De acordo com as estimativas de
Bentes, se a economia crescer em média 2,5% ao ano até 2030, a procura por
trabalhadores não deve ser suficiente para recuperar os 8,8 milhões de empregos
destruídos pela maior recessão da história. As projeções foram feitas, a pedido
do Estado, levando em conta dados da Pnad e projeções do Boletim Focus do Banco
Central.
“Não vai ter (crescimento do) PIB
suficiente para incorporar essa massa de desempregados com baixa qualificação”,
afirma. Em 2014, antes da recessão, o mercado de trabalho estava tão aquecido
que até profissionais com pouca qualificação eram facilmente absorvidos. Na
crise, o quadro se inverteu.
Para Hélio Zylberstajn, professor
sênior da FEA/USP e coordenador do projeto Salariômetro da Fipe, os
trabalhadores sem preparo podem ter destino diferente, dependendo de qual área
leve adiante a retomada da economia. “Essa proporção de dois em cada dez poderá
ser menor se o modelo for puxado pelo investimento em infraestrutura, que
incorpora trabalhadores na construção civil de baixa qualificação”, diz.
Treinamento
A conhecida baixa produtividade
do trabalhador brasileiro só vai ser resolvida, segundo Bentes, da CNC, com
treinamento, o que depende de investimentos. No setor público, diante da
pressão por cortes e contingenciamento de gastos, será difícil que o orçamento
cresça nos próximos anos na velocidade necessária para suprir essa necessidade
de qualificação dos trabalhadores. Por iniciativa própria, só uma parcela muito
pequena deles consegue bancar os estudos. “A maioria vende o almoço para
comprar o jantar”, afirma.
Segundo o economista, a
iniciativa privada é a ponte principal para melhorar a produtividade. Ele
adverte, no entanto, que existe um risco de o trabalhador desqualificado ser
substituído por uma máquina. “Quando a economia voltar a crescer e o investimento
retornar, o empresário vai se perguntar se faz sentido contratar, por exemplo,
um caixa de supermercado com baixa produtividade ou se é mais barato comprar
uma caixa registradora automática que faça esse serviço a um custo menor e sem
encargos trabalhistas”, afirma.
Tecnologia deixa empregador mais
seletivo na hora de contratar. Foi-se o tempo que máquina registradora do
supermercado fazia só as quatro operações matemáticas. Hoje, na prática, ela é
um computador que tem conexão direta com cerca de 40 mil itens do estoque e é
capaz de determinar, ao fim do dia, quanto foi vendido de cada produto. “O
operador de caixa tem de ter 2.º grau e conhecimentos básicos de informática. A
exigência é grande para uma remuneração na faixa de R$ 1,1 mil”, diz o presidente
do Sindicato dos Comerciários e da União Geral dos Trabalhadores, Ricardo
Patah.
De fato, com a grande oferta de
mão de obra e a evolução tecnológica, as exigências das empresas na hora de
contratar têm aumentado. Nos últimos 12 meses até março, 12% dos contratados
para a função de vendedor de loja estavam cursando faculdade ou tinha já
concluído o curso superior e 76% tinham ensino médio completo, aponta
levantamento feito com base nas informações do Cadastro Geral de Empregados e
Desempregados pelo professor sênior da FEA-USP Hélio Zylberstajn. O quadro se
repete para balconista de farmácia, outra ocupação que, teoricamente, não
exigiria tanta qualificação, já que o salário médio é de R$ 1,3 mil.

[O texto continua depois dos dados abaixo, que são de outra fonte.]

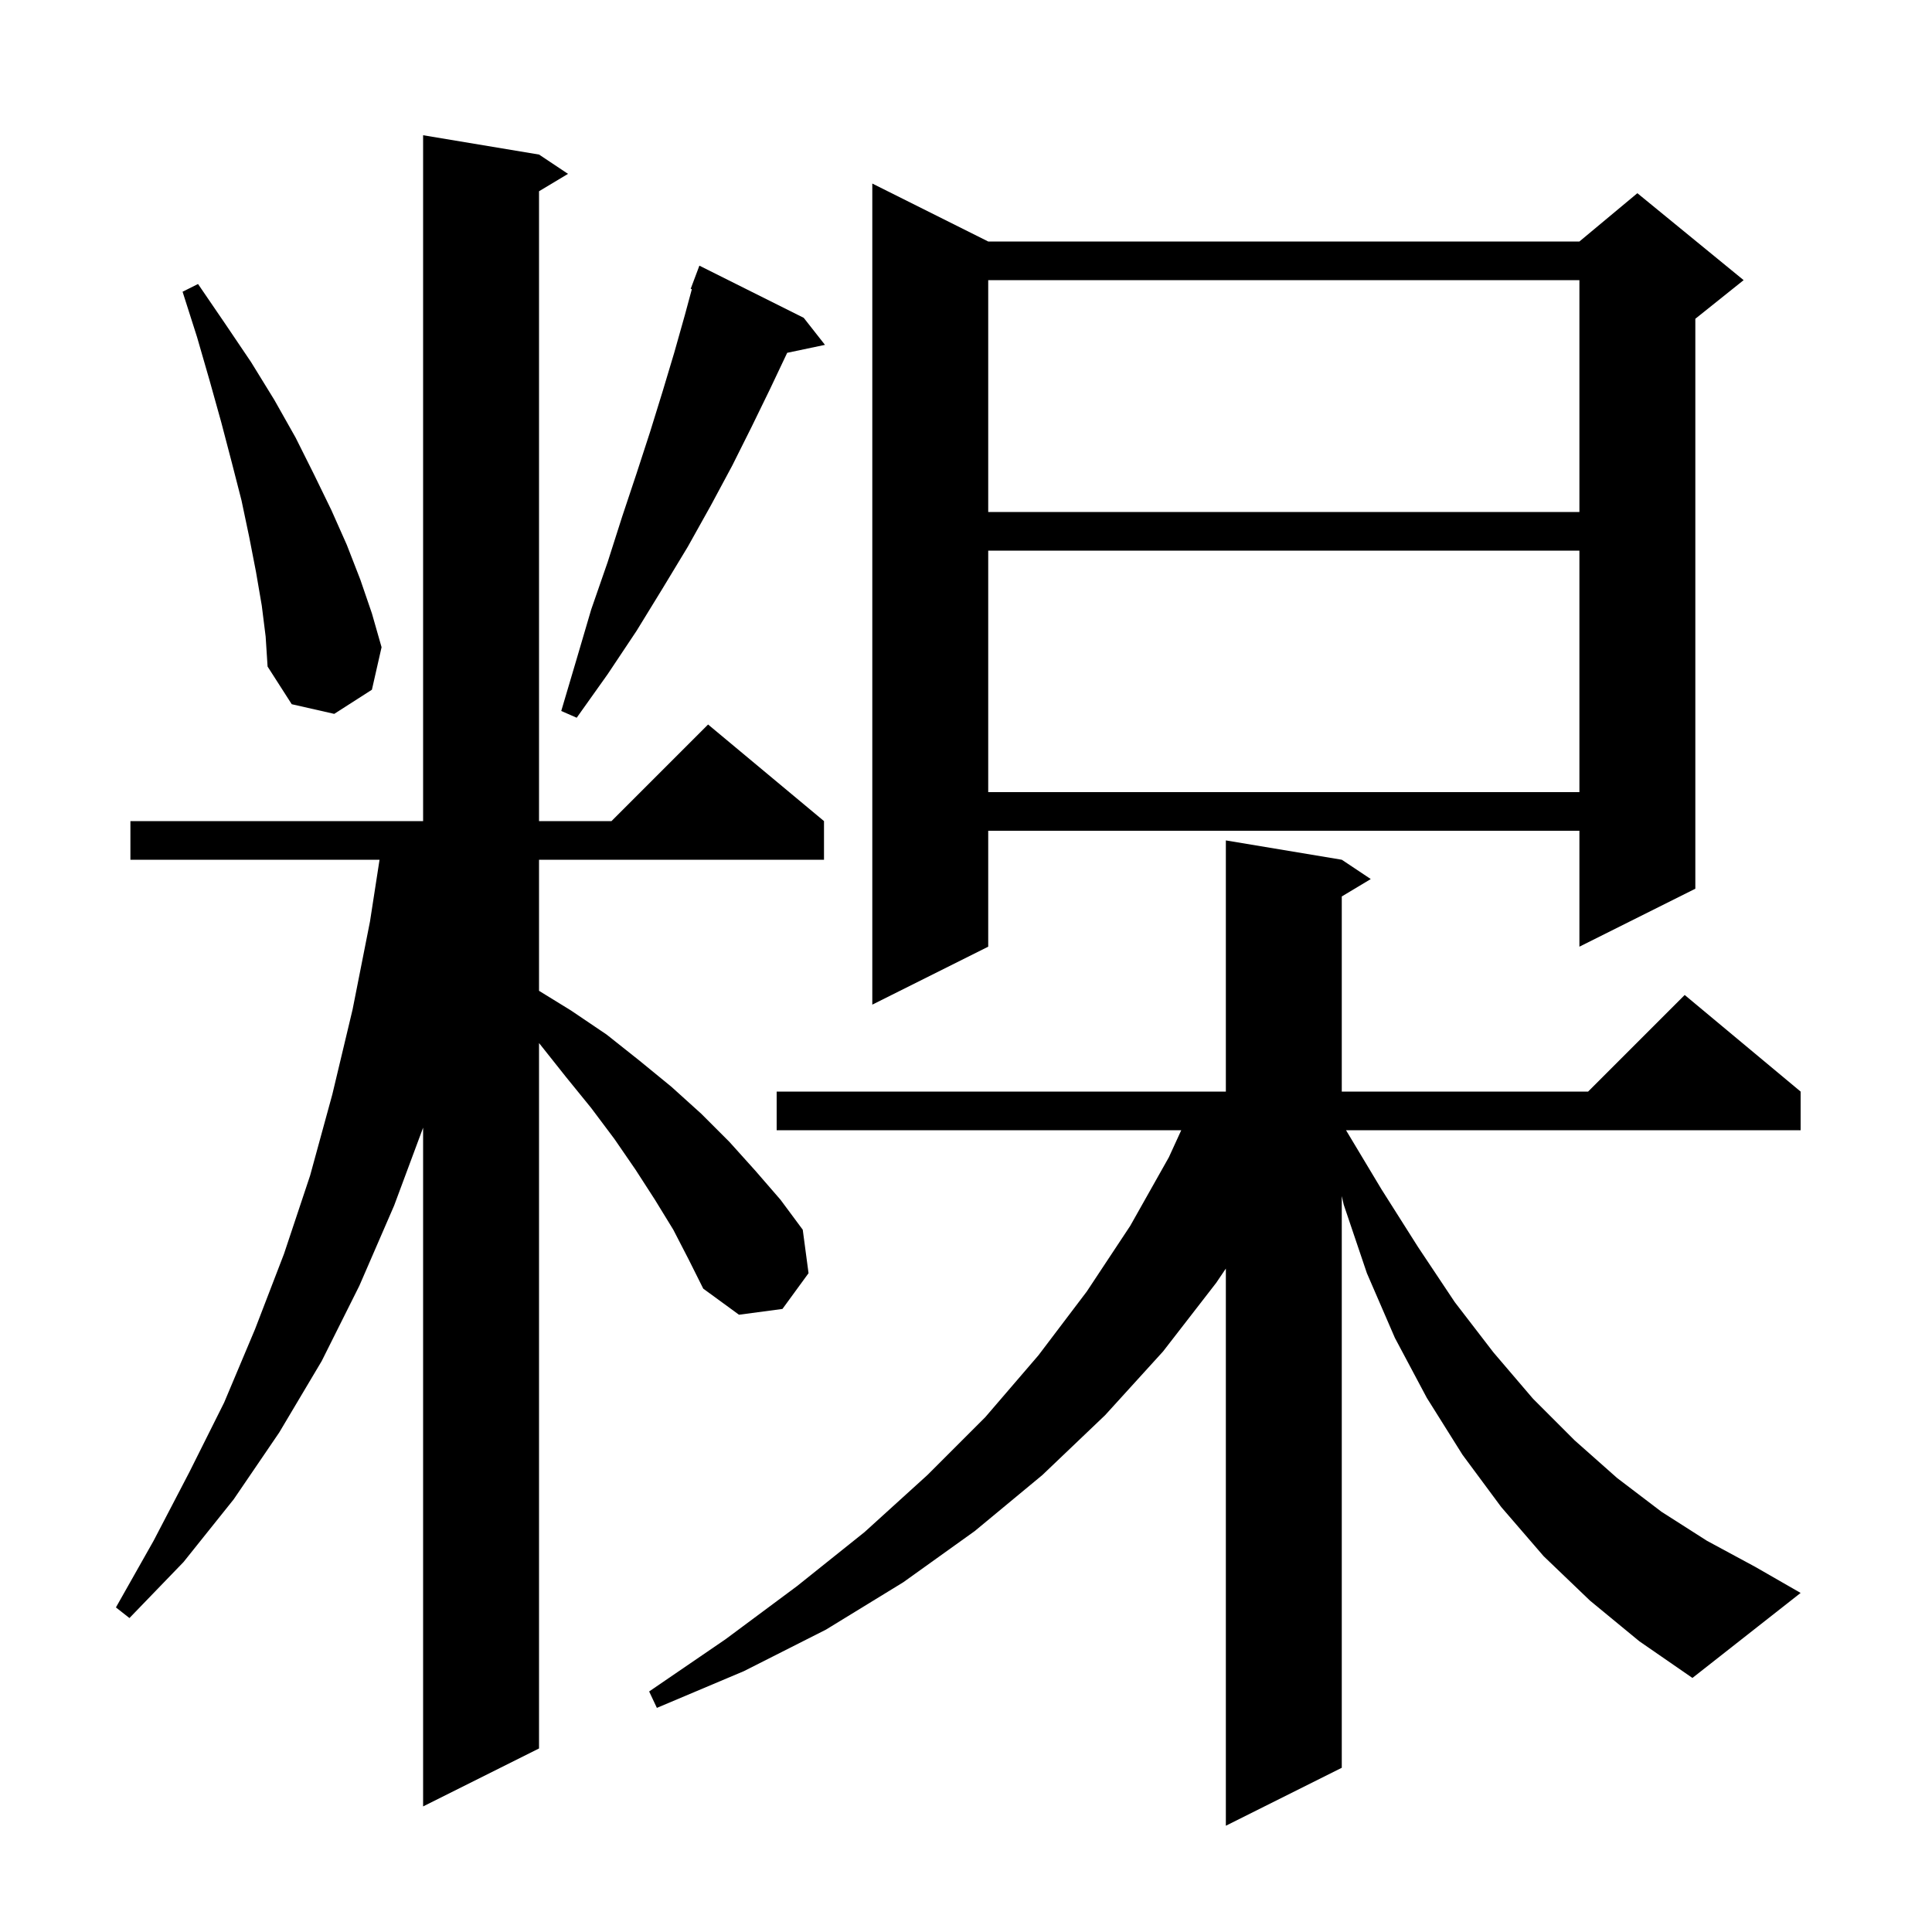 <svg xmlns="http://www.w3.org/2000/svg" xmlns:xlink="http://www.w3.org/1999/xlink" version="1.1" baseProfile="full" viewBox="0 0 200 200" width="200" height="200"><g fill="currentColor"><path d="M 164.6 165.7 L 159.8 161.1 L 155.4 156.0 L 151.4 150.6 L 147.7 144.7 L 144.4 138.5 L 141.5 131.8 L 139.1 124.7 L 138.9 123.818 L 138.9 183.0 L 126.9 189.0 L 126.9 131.32 L 125.9 132.8 L 120.4 139.9 L 114.4 146.5 L 107.9 152.7 L 100.9 158.5 L 93.5 163.8 L 85.5 168.7 L 77.0 173.0 L 68.0 176.8 L 67.2 175.1 L 75.1 169.7 L 82.5 164.2 L 89.5 158.6 L 96.0 152.7 L 102.0 146.7 L 107.5 140.3 L 112.5 133.7 L 117.0 126.9 L 121.0 119.8 L 122.283 117.0 L 80.4 117.0 L 80.4 113.0 L 126.9 113.0 L 126.9 87.0 L 138.9 89.0 L 141.9 91.0 L 138.9 92.8 L 138.9 113.0 L 164.4 113.0 L 174.4 103.0 L 186.4 113.0 L 186.4 117.0 L 139.34 117.0 L 143.0 123.1 L 146.8 129.1 L 150.6 134.8 L 154.6 140.0 L 158.7 144.8 L 163.0 149.1 L 167.4 153.0 L 172.0 156.5 L 176.7 159.5 L 181.7 162.2 L 186.4 164.9 L 175.2 173.7 L 169.7 169.9 Z M 69.7 127.3 L 67.8 124.2 L 65.8 121.1 L 63.6 117.9 L 61.2 114.7 L 58.6 111.5 L 55.9 108.1 L 55.8 107.979 L 55.8 181.0 L 43.8 187.0 L 43.8 116.737 L 40.8 124.8 L 37.2 133.1 L 33.3 140.9 L 28.9 148.3 L 24.2 155.2 L 19.0 161.7 L 13.4 167.5 L 12.0 166.4 L 15.9 159.5 L 19.6 152.4 L 23.2 145.2 L 26.4 137.6 L 29.4 129.8 L 32.1 121.7 L 34.4 113.3 L 36.5 104.5 L 38.3 95.4 L 39.29 89.0 L 13.5 89.0 L 13.5 85.0 L 43.8 85.0 L 43.8 14.0 L 55.8 16.0 L 58.8 18.0 L 55.8 19.8 L 55.8 85.0 L 63.3 85.0 L 73.3 75.0 L 85.3 85.0 L 85.3 89.0 L 55.8 89.0 L 55.8 102.569 L 59.1 104.6 L 62.8 107.1 L 66.2 109.8 L 69.5 112.5 L 72.6 115.3 L 75.5 118.2 L 78.2 121.2 L 80.8 124.2 L 83.1 127.3 L 83.7 131.8 L 81.0 135.5 L 76.5 136.1 L 72.8 133.4 L 71.3 130.4 Z M 102.3 25.0 L 163.5 25.0 L 169.5 20.0 L 180.5 29.0 L 175.5 33.0 L 175.5 92.0 L 163.5 98.0 L 163.5 86.0 L 102.3 86.0 L 102.3 98.0 L 90.3 104.0 L 90.3 19.0 Z M 102.3 57.0 L 102.3 82.0 L 163.5 82.0 L 163.5 57.0 Z M 83.2 32.9 L 85.4 35.7 L 81.489 36.523 L 79.7 40.3 L 77.8 44.2 L 75.8 48.2 L 73.6 52.3 L 71.2 56.6 L 68.6 60.9 L 65.9 65.3 L 62.9 69.8 L 59.7 74.3 L 58.1 73.6 L 59.7 68.2 L 61.2 63.1 L 62.9 58.2 L 64.4 53.5 L 65.9 49.0 L 67.3 44.7 L 68.6 40.5 L 69.8 36.5 L 70.9 32.6 L 71.621 29.931 L 71.5 29.9 L 72.4 27.5 Z M 27.1 62.7 L 26.5 59.2 L 25.8 55.6 L 25.0 51.8 L 24.0 47.9 L 22.9 43.7 L 21.7 39.4 L 20.4 34.9 L 18.9 30.2 L 20.5 29.4 L 23.3 33.5 L 26.0 37.5 L 28.4 41.4 L 30.6 45.3 L 32.5 49.1 L 34.3 52.8 L 35.9 56.4 L 37.3 60.0 L 38.5 63.5 L 39.5 67.0 L 38.5 71.4 L 34.6 73.9 L 30.2 72.9 L 27.7 69.0 L 27.5 65.9 Z M 102.3 29.0 L 102.3 53.0 L 163.5 53.0 L 163.5 29.0 Z "/></g></svg>

Nesse caso, 83,2% dos admitidos
nos últimos 12 meses até março têm ensino médio completo e quase 10% estão
cursando ou concluíram a universidade.
Deslocamento
“Quem tem pouca escolaridade
neste momento está tendo muita dificuldade de encontrar emprego porque parte
das vagas que poderia ocupar está sendo preenchida por pessoas que têm formação
maior do que a necessária”, afirma Zylberstajn. Ele diz que esse movimento de
deslocamento da mão de obra ocorre em períodos de recessão prolongada.
Para Lucila Sciotti,
superintendente de operações do Serviço Nacional do Comércio (Senac) São Paulo,
é preciso haver esforço maior, por parte do poder público, de aproximar a
capacitação que é oferecida aos estudantes das necessidades das empresas.
“Muitas vezes, a formação dos profissionais é deficitária. Alguns alunos chegam
até nós sem saber fazer contas simples ou têm dificuldade em interpretar
textos”, diz. “É preciso direcionar as políticas públicas para resolver esses
gargalos.”
Diante da falta de qualificação
barrando as contrações, Patah diz que no último Mutirão do Emprego promovido
pelo sindicato foram ofertados também cursos gratuitos de qualificação em
parceria com Senai, Senac e Centro Paula Souza. Ao todo foram cerca de 1, 3 mil
vagas. Das mil vagas oferecidas pelo Centro Paula Souza, 450 pessoas se
matricularam nos cursos de estoquista, assistente administrativo, confeiteiro,
cuidador de idosos, maquiagem, recepção e atendimento e vitrinista. “Pela
primeira vez fizemos mutirão com capacitação: mais do que aumento salarial, o
importante hoje é qualificar o trabalhador”, afirma.
No próximo evento programado para
julho, Patah diz que devem ser oferecidas, no mínimo, 10 mil vagas. A intenção
é atender também aos trabalhadores em situação vulnerável, com vagas para
ocupações que exigem menos qualificação, como na área de limpeza, por exemplo.
Frustração
Após horas de espera para deixar
um currículo no último mutirão do emprego, no qual uma fila interminável
serpenteava o Vale do Anhangabaú, no centro de São Paulo, os candidatos a uma
vaga voltaram para casa frustrados. Eles não sabem qual foi o real motivo para
terem sido rejeitados.
“É o currículo ou alguma coisa
que está acontecendo com a minha vida. Até na igreja já fui”, diz Renata
Cristina Gama, 35 anos e mãe de dois filhos. Desempregada há quatro anos, ela
não terminou a faculdade de pedagogia e o seu último emprego foi numa escola.
No mutirão, deixou currículos em cinco grandes empresas que estavam no evento.
Chegou a participar de minientrevistas, mas o processo seletivo não avançou.
No momento, faz um curso gratuito
de auxiliar administrativo, mas não acha que vai conseguir alguma coisa por
conta disso.
Já a ascensorista Rosemeire
Soares Ayres, de 41 anos, sem emprego há mais de um ano, acredita que quanto
mais qualificação, maior a chance de recolocação. Com o segundo grau completo,
hoje faz curso de atendimento ao público. Mas coleciona pelo menos sete cursos
rápidos. Deixou vários currículos no mutirão e não foi chamada. “Acho que é por
causa dessa crise mesmo. Abre uma vaga e vêm mil pessoas para concorrer.” As
informações são do jornal O Estado de S. Paulo.